EXERCISE: Although the records contain pictures, only their text should be repeated, exactly as it stands.

══ DATA TO USE

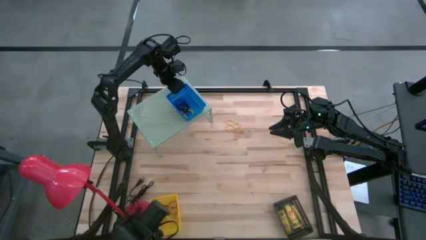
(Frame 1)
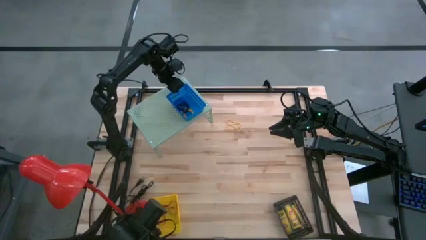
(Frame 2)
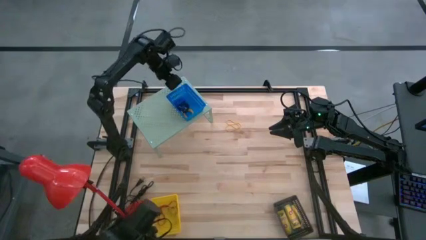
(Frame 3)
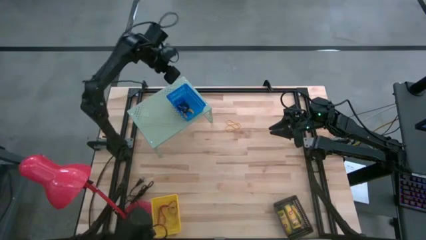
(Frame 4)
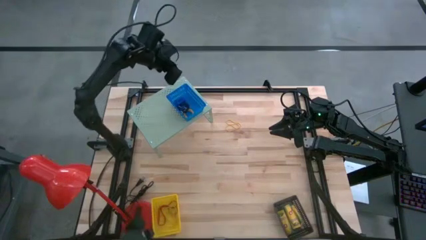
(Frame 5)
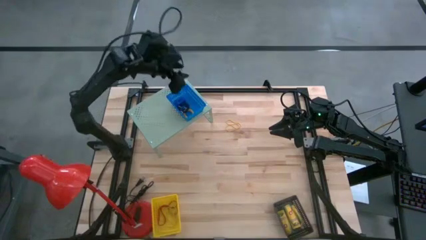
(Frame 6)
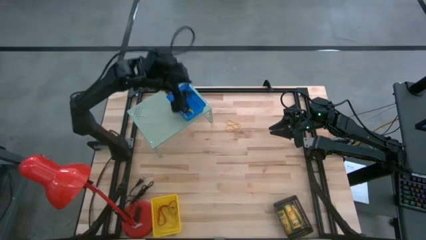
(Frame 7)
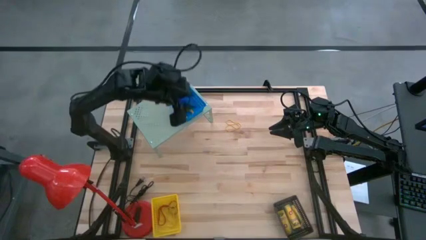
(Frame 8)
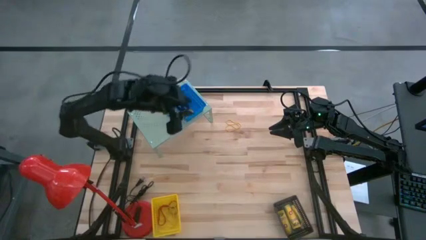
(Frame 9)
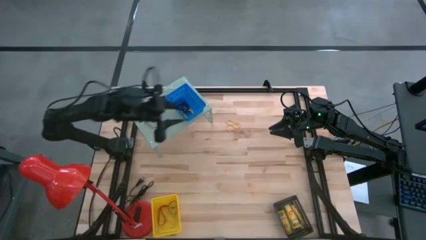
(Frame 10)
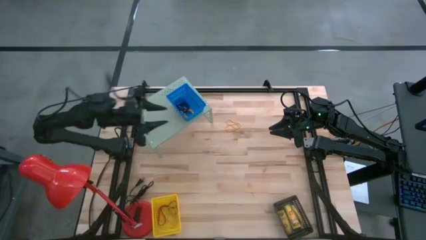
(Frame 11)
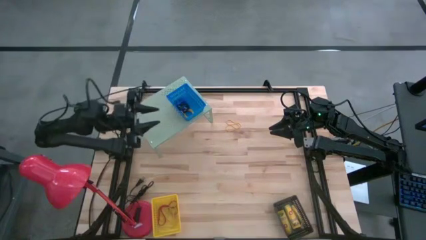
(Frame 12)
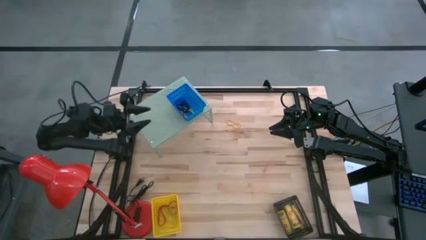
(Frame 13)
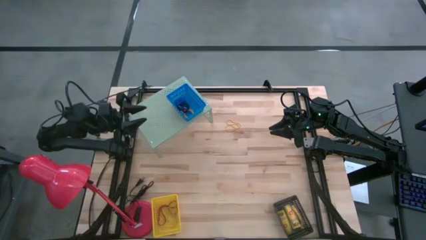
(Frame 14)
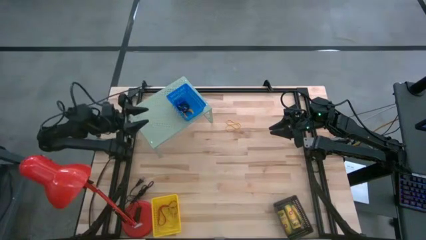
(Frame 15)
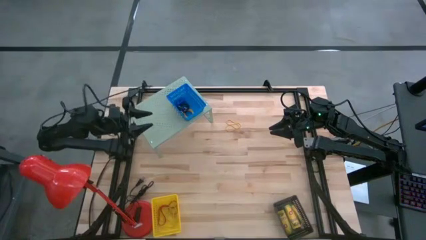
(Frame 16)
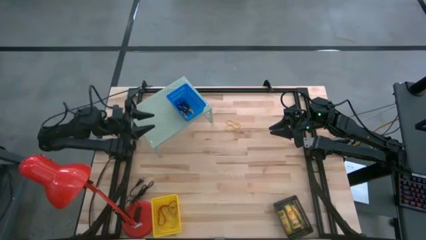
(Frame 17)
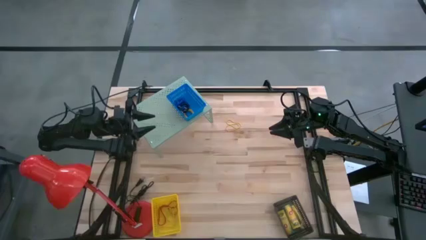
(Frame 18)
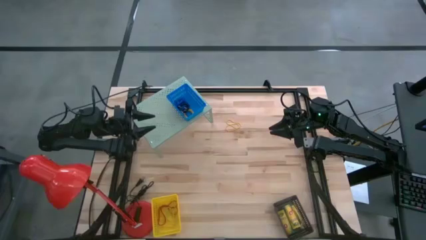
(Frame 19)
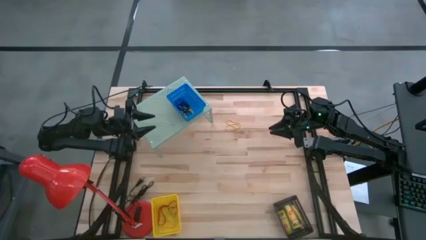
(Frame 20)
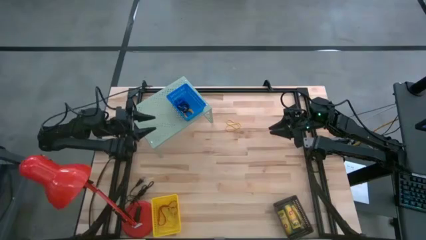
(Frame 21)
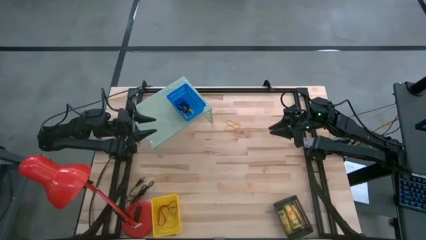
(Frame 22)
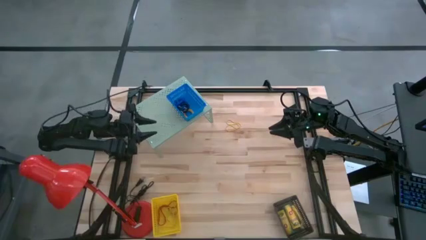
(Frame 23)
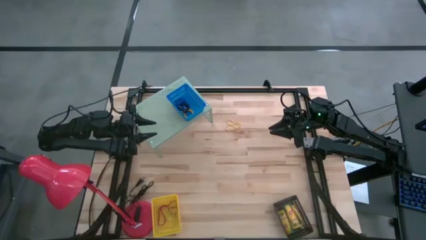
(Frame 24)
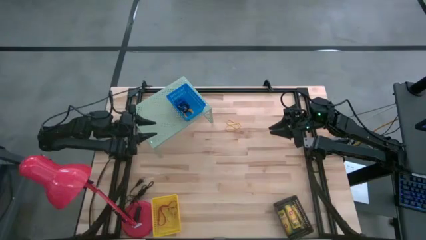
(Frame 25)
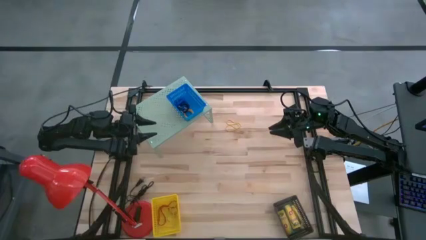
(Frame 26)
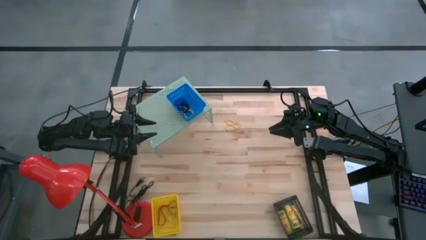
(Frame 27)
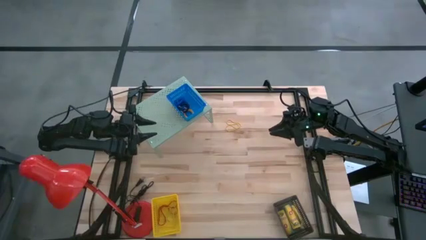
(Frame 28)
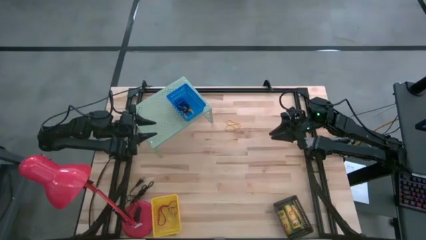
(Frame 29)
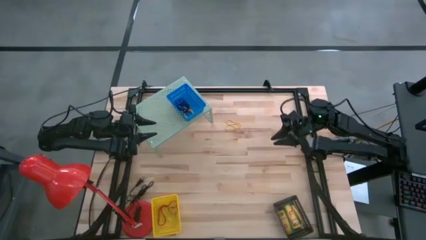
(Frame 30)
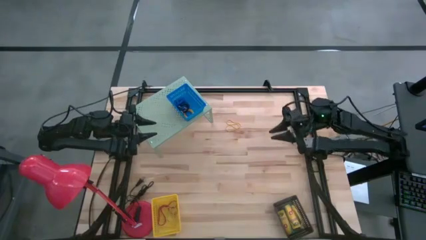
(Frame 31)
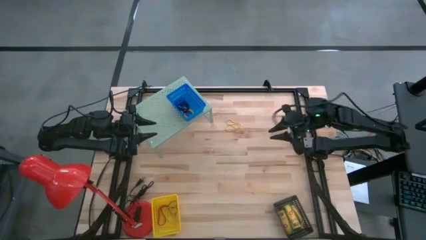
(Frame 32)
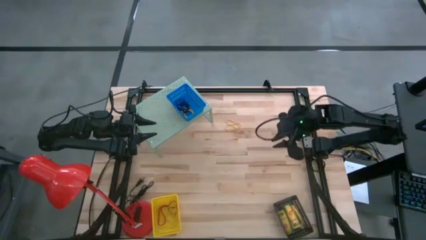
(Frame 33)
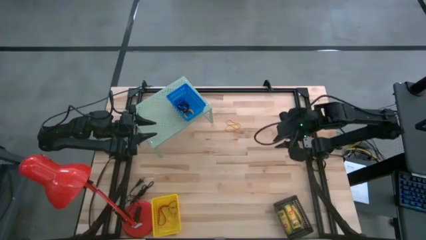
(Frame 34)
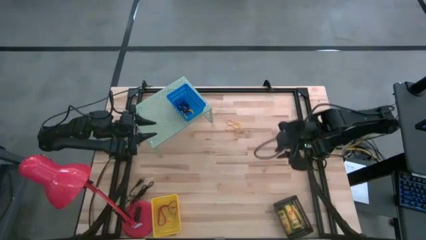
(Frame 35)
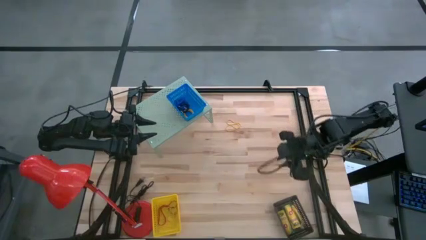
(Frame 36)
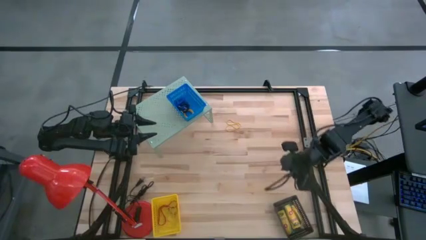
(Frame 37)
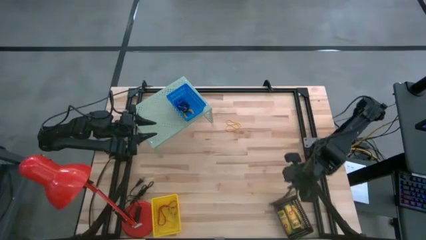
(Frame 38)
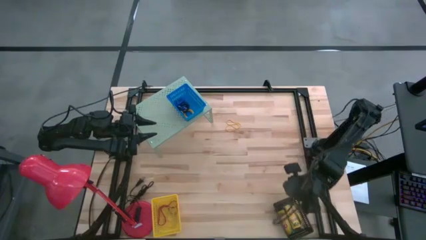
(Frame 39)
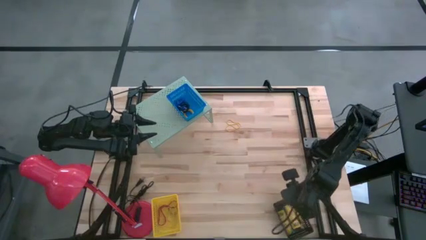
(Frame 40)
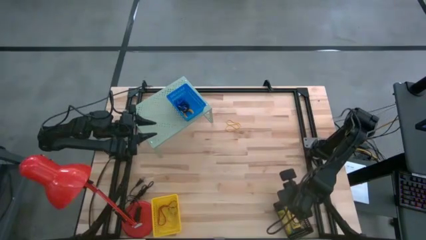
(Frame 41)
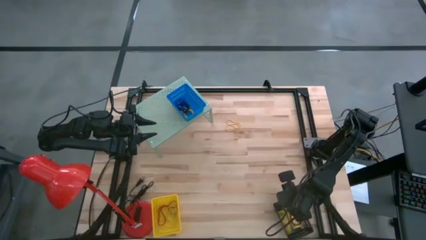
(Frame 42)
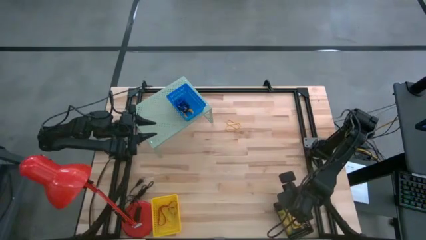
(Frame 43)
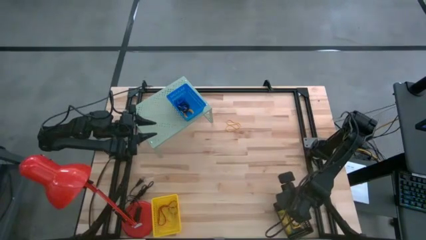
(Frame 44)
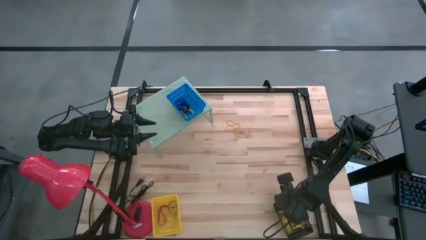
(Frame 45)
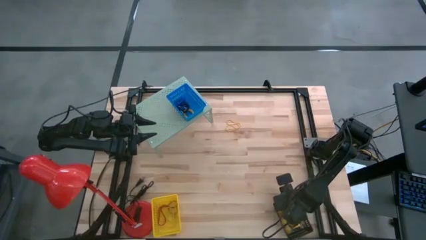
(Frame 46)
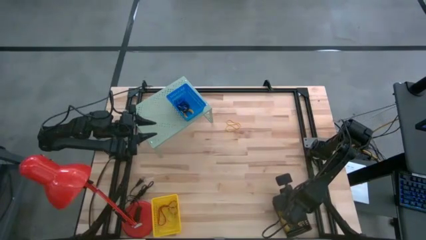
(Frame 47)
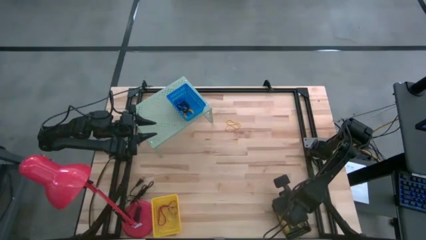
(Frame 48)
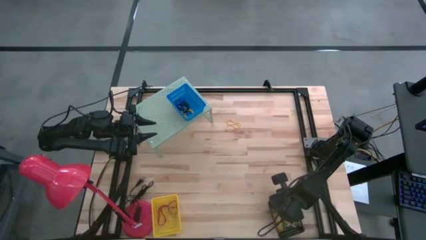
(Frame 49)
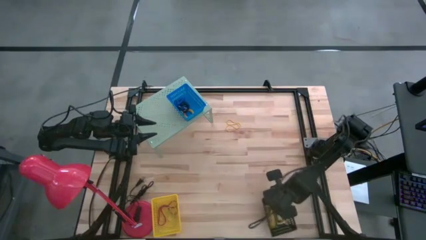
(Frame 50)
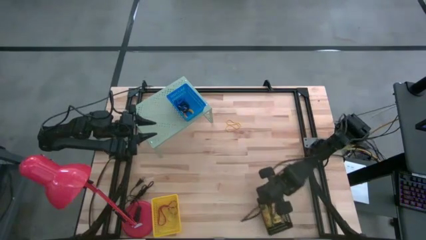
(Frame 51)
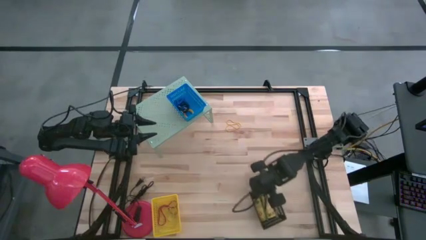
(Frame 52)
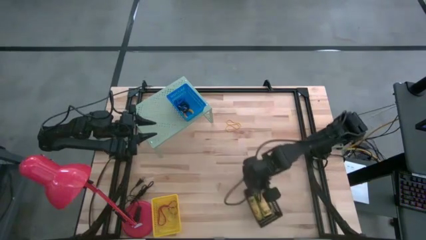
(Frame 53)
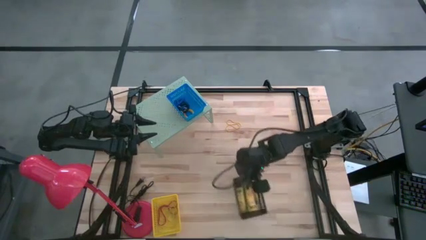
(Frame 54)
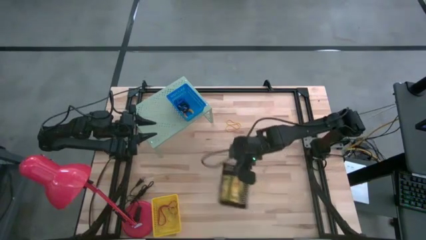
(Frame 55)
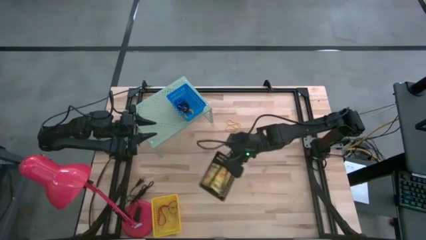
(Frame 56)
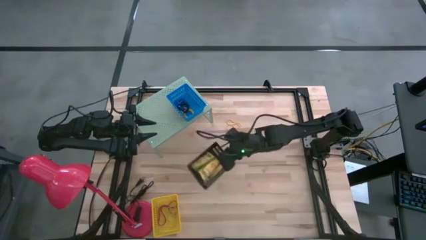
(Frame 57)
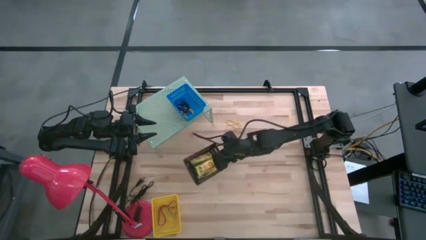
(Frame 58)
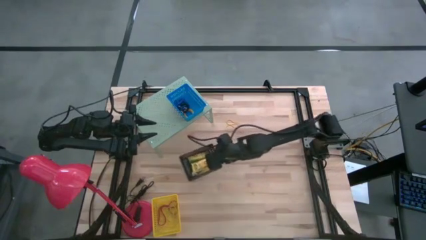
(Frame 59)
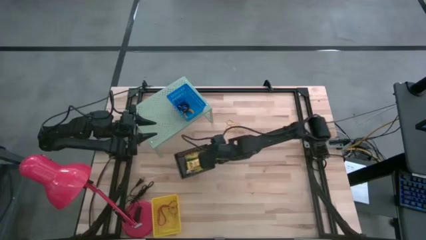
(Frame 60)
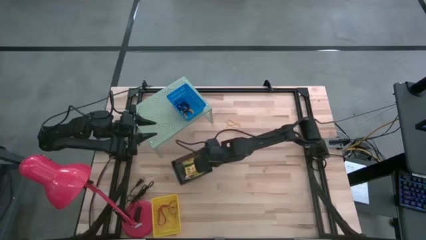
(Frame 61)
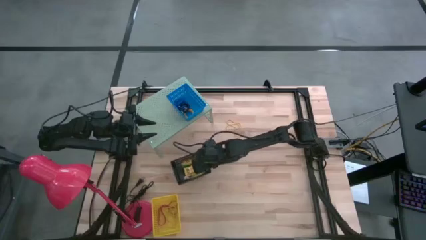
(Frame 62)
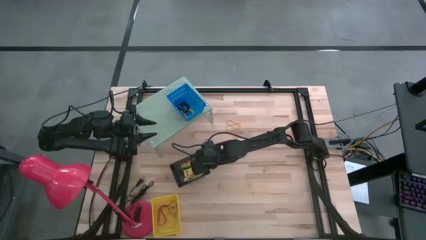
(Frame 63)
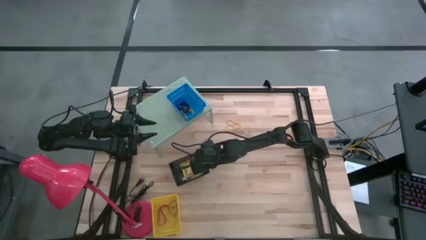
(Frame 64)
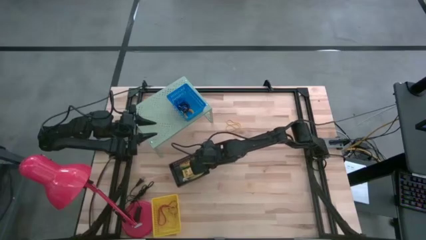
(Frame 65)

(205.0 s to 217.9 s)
Task: Pick & Place Office Desk Supplies
Put the black basket on the shelf

════

REPLY:
(Frame 1)
(Frame 2)
(Frame 3)
(Frame 4)
(Frame 5)
(Frame 6)
(Frame 7)
(Frame 8)
(Frame 9)
(Frame 10)
(Frame 11)
(Frame 12)
(Frame 13)
(Frame 14)
(Frame 15)
(Frame 16)
(Frame 17)
(Frame 18)
(Frame 19)
(Frame 20)
(Frame 21)
(Frame 22)
(Frame 23)
(Frame 24)
(Frame 25)
(Frame 26)
(Frame 27)
(Frame 28)
(Frame 29)
(Frame 30)
(Frame 31)
(Frame 32)
(Frame 33)
(Frame 34)
(Frame 35)
(Frame 36)
(Frame 37)
(Frame 38)
(Frame 39)
(Frame 40)
(Frame 41)
(Frame 42)
(Frame 43)
(Frame 44)
(Frame 45)
(Frame 46)
(Frame 47)
(Frame 48)
(Frame 49)
(Frame 50)
(Frame 51)
(Frame 52)
(Frame 53)
(Frame 54)
(Frame 55)
(Frame 56)
(Frame 57)
(Frame 58)
(Frame 59)
(Frame 60)
(Frame 61)
(Frame 62)
(Frame 63)
(Frame 64)
(Frame 65)

(205.0 s to 217.9 s)
Task: Pick & Place Office Desk Supplies
Put the black basket on the shelf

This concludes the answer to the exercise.